- **Entries shown**

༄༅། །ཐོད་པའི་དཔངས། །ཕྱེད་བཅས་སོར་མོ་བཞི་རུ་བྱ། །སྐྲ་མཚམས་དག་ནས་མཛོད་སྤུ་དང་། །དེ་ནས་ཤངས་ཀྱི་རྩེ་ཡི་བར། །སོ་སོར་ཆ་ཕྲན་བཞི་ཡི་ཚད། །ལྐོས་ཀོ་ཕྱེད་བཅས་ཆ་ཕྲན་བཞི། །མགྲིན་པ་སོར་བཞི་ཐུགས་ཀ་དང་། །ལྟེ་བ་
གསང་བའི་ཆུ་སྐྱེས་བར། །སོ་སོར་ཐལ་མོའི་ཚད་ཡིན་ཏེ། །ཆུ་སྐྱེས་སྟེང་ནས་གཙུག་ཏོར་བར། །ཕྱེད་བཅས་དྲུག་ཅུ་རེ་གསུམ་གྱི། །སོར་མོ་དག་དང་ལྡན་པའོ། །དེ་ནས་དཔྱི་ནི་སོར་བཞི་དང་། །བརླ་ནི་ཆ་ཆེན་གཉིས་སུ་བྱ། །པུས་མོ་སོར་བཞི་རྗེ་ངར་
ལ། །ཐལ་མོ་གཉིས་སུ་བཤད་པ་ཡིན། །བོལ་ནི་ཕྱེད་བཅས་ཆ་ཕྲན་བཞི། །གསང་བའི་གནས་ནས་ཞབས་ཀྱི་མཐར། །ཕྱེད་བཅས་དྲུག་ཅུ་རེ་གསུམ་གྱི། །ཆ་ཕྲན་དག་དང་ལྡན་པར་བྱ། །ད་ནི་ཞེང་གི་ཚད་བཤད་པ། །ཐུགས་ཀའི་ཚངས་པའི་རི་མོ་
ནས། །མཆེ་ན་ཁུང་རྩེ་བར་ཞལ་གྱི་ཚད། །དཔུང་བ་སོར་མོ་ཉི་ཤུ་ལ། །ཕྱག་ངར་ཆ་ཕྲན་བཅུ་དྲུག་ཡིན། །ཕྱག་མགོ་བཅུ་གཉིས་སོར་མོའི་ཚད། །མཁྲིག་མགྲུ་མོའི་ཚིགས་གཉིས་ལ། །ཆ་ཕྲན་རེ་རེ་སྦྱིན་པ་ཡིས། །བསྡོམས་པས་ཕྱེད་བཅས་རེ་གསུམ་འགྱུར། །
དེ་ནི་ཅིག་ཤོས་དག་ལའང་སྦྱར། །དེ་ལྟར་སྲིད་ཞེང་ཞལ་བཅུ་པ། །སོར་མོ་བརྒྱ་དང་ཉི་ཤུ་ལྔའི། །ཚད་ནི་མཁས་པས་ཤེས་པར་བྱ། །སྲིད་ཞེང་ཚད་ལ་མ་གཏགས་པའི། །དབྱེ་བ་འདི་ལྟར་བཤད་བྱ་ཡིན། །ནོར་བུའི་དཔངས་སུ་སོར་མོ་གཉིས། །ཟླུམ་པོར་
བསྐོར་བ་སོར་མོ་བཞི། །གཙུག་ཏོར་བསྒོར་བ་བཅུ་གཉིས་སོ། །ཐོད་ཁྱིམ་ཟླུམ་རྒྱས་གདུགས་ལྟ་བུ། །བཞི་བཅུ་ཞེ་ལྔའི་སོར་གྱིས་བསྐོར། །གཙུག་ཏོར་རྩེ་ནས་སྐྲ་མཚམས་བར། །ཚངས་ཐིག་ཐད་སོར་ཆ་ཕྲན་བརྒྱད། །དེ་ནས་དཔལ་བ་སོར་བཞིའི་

- **Assignment**
Check each line of the material for the string "དཔངས" and state how many lines contain it, with only the number as the answer.

- **Exercise response**
2